Mao Weike, Fukuoka Shuji, Iwai Chikao, Liu Jiahao, Sharma Virendra K, Sheu Shey-Shing, Fu Michael, Liang Chang-seng
University of Rochester Medical Center, Department of Medicine, Cardiology Division, Box 679, 601 Elmwood Ave., Rochester, NY 14642, USA.
Am J Physiol Heart Circ Physiol. 2007 Sep;293(3):H1636-45. doi: 10.1152/ajpheart.01377.2006. Epub 2007 Jun 1.
Evidence suggests that the autoimmune cardiomyopathy produced by a peptide corresponding to the sequence of the second extracellular loop of the beta(1)-adrenergic receptor (beta(1)-EC(II)) is mediated via a biologically active anti-beta(1)-EC(II) antibody, but the mechanism linking the antibody to myocyte apoptosis and cardiac dysfunction has not been well elucidated. Since the beta(1)-EC(II) autoantibody is a partial beta(1)-agonist, we speculate that the cardiomyopathy is produced by the beta(1)-receptor-mediated stimulation of the CaMKII-p38 MAPK-ATF6 signaling pathway and endoplasmic reticulum (ER) stress, and that excess norepinephrine (NE) exaggerates the cardiomyopathy. Rabbits were randomized to receive beta(1)-EC(II) immunization, sham immunization, NE pellet, or beta(1)-EC(II) immunization plus NE pellet for 6 mo. Heart function was measured by echocardiography and catheterization. Myocyte apoptosis was determined by terminal deoxytransferase-mediated dUTP nick-end labeling and caspase-3 activity, whereas CaMKII, MAPK family (JNK, p38, ERK), and ER stress signals (ATF6, GRP78, CHOP, caspase-12) were measured by Western blot, immunohistochemistry, and kinase activity assay. beta(1)-EC(II) immunization produced progressive LV dilation, systolic dysfunction, and myocyte apoptosis. These changes were associated with activation of GRP78 and CHOP and increased cleavage of caspase-12, as well as increased CaMKII activity, increased phosphorylation of p38 MAPK, and nucleus translocation of cleaved ATF6. NE pellet produced additive effects. In addition, KN-93 and SB 203580 abolished the induction of ER stress and cell apoptosis produced by the beta(1)-EC(II) antibody in cultured neonatal cardiomyocytes. Thus ER stress occurs in autoimmune cardiomyopathy induced by beta(1)-EC(II) peptide, and this is enhanced by increased NE and caused by activation of the beta(1)-adrenergic receptor-coupled CaMKII, p38 MAPK, and ATF6 pathway.
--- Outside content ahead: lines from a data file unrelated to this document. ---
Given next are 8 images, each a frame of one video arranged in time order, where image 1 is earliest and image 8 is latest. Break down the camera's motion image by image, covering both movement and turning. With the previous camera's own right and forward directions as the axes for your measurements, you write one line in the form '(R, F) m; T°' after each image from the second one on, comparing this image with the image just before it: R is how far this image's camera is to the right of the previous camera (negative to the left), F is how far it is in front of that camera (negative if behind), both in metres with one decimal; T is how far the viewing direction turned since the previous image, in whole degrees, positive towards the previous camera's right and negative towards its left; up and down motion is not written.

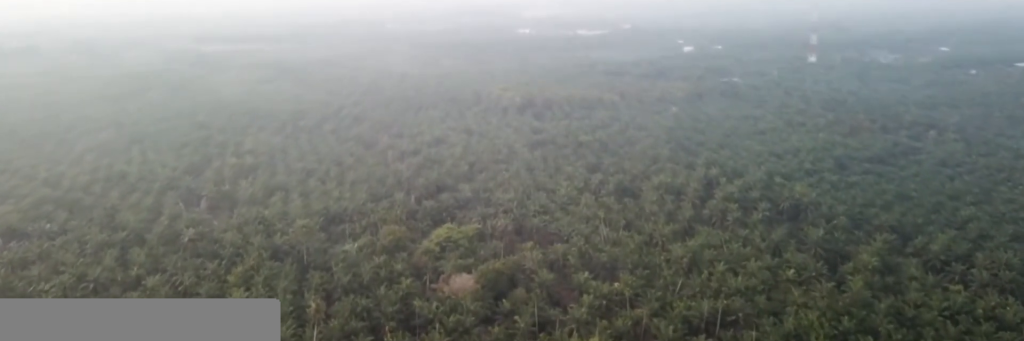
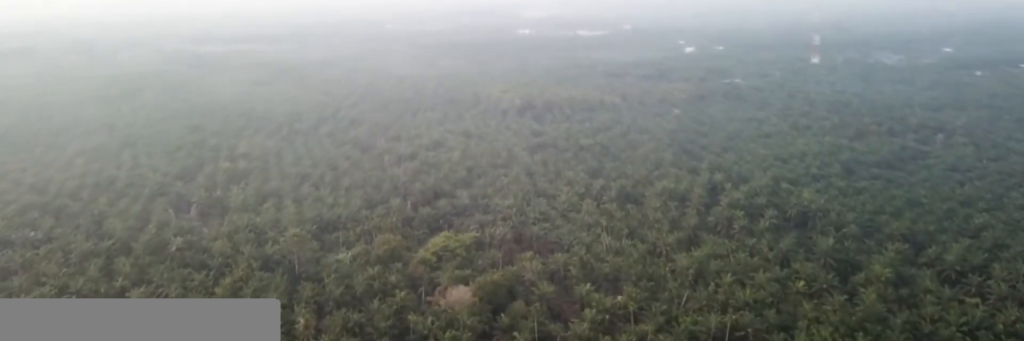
(0.0, +10.4) m; 0°
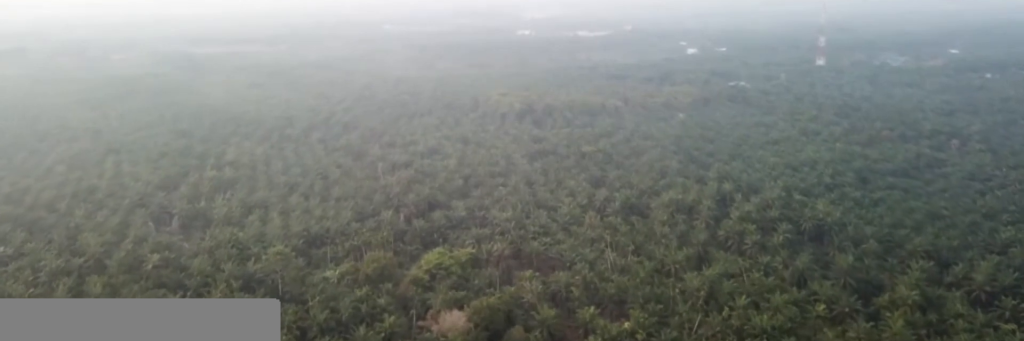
(0.0, +17.9) m; 0°
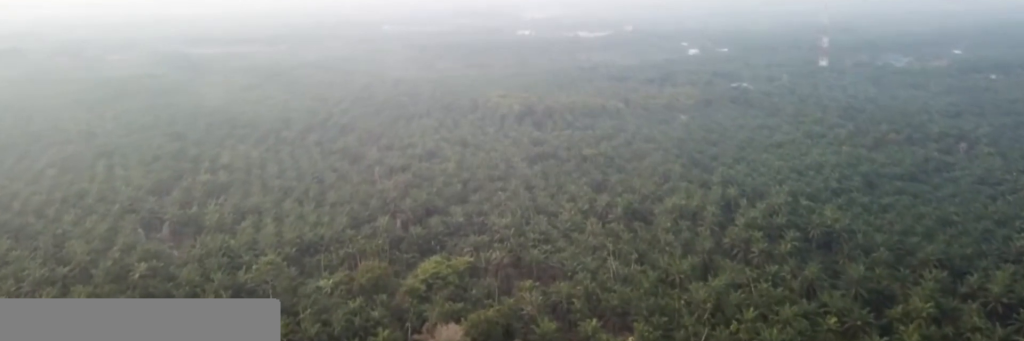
(0.0, +8.9) m; 0°
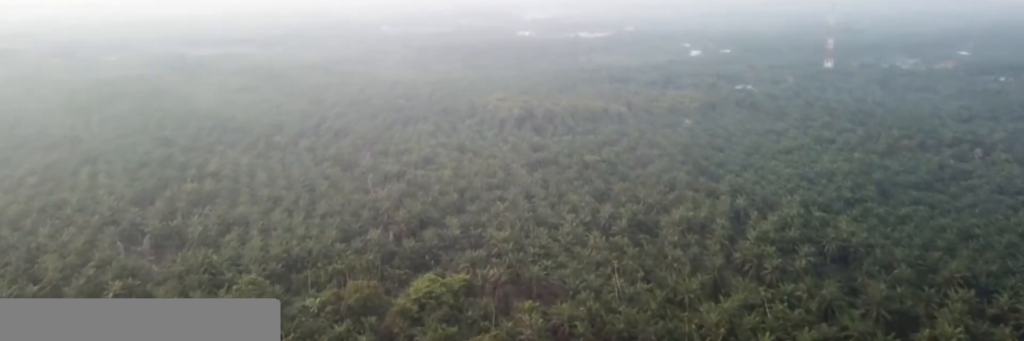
(0.0, +15.9) m; 0°
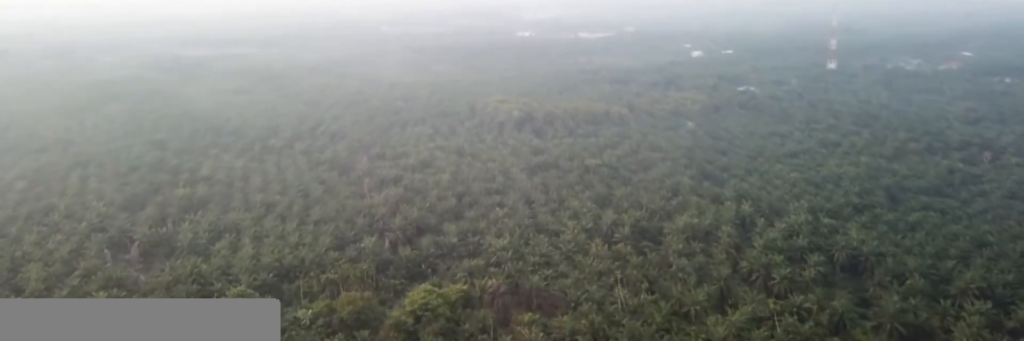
(0.0, +9.0) m; 0°
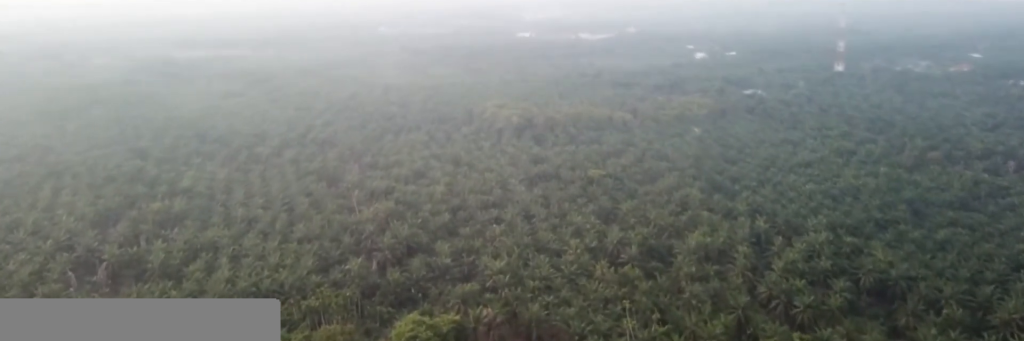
(0.0, +22.4) m; 0°
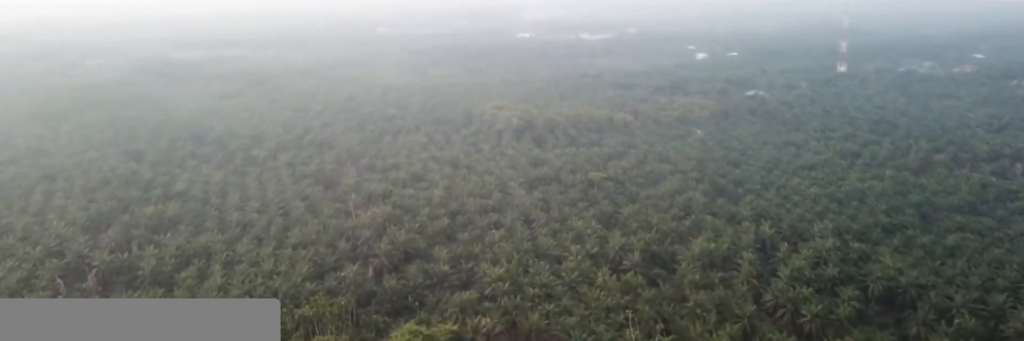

有证据表明,由与β₁ - 肾上腺素能受体第二细胞外环序列(β₁ - EC(II))相对应的肽段所产生的自身免疫性心肌病是通过一种具有生物活性的抗β₁ - EC(II)抗体介导的,但该抗体与心肌细胞凋亡及心脏功能障碍之间的联系机制尚未完全阐明。由于β₁ - EC(II)自身抗体是一种部分β₁ - 激动剂,我们推测心肌病是由β₁ - 受体介导的CaMKII - p38 MAPK - ATF6信号通路激活和内质网(ER)应激所致,且过量的去甲肾上腺素(NE)会使心肌病加重。将兔子随机分为四组,分别接受β₁ - EC(II)免疫、假免疫、NE植入或β₁ - EC(II)免疫加NE植入,持续6个月。通过超声心动图和导管插入术测量心脏功能。通过末端脱氧核苷酸转移酶介导的dUTP缺口末端标记法和半胱天冬酶 - 3活性测定心肌细胞凋亡,而通过蛋白质印迹法、免疫组织化学和激酶活性测定法检测CaMKII、丝裂原活化蛋白激酶家族(JNK、p38、ERK)和内质网应激信号(ATF6、GRP78、CHOP、半胱天冬酶 - 12)。β₁ - EC(II)免疫可导致左心室逐渐扩张、收缩功能障碍和心肌细胞凋亡。这些变化与GRP78和CHOP的激活、半胱天冬酶 - 12切割增加以及CaMKII活性增加、p38 MAPK磷酸化增加和切割后的ATF6核转位有关。NE植入产生累加效应。此外,KN - 93和SB 203580可消除β₁ - EC(II)抗体在培养的新生心肌细胞中诱导的内质网应激和细胞凋亡。因此,内质网应激发生在由β₁ - EC(II)肽诱导的自身免疫性心肌病中,并且这种应激会因NE增加而增强,是由β₁ - 肾上腺素能受体偶联的CaMKII、p38 MAPK和ATF6信号通路激活所引起的。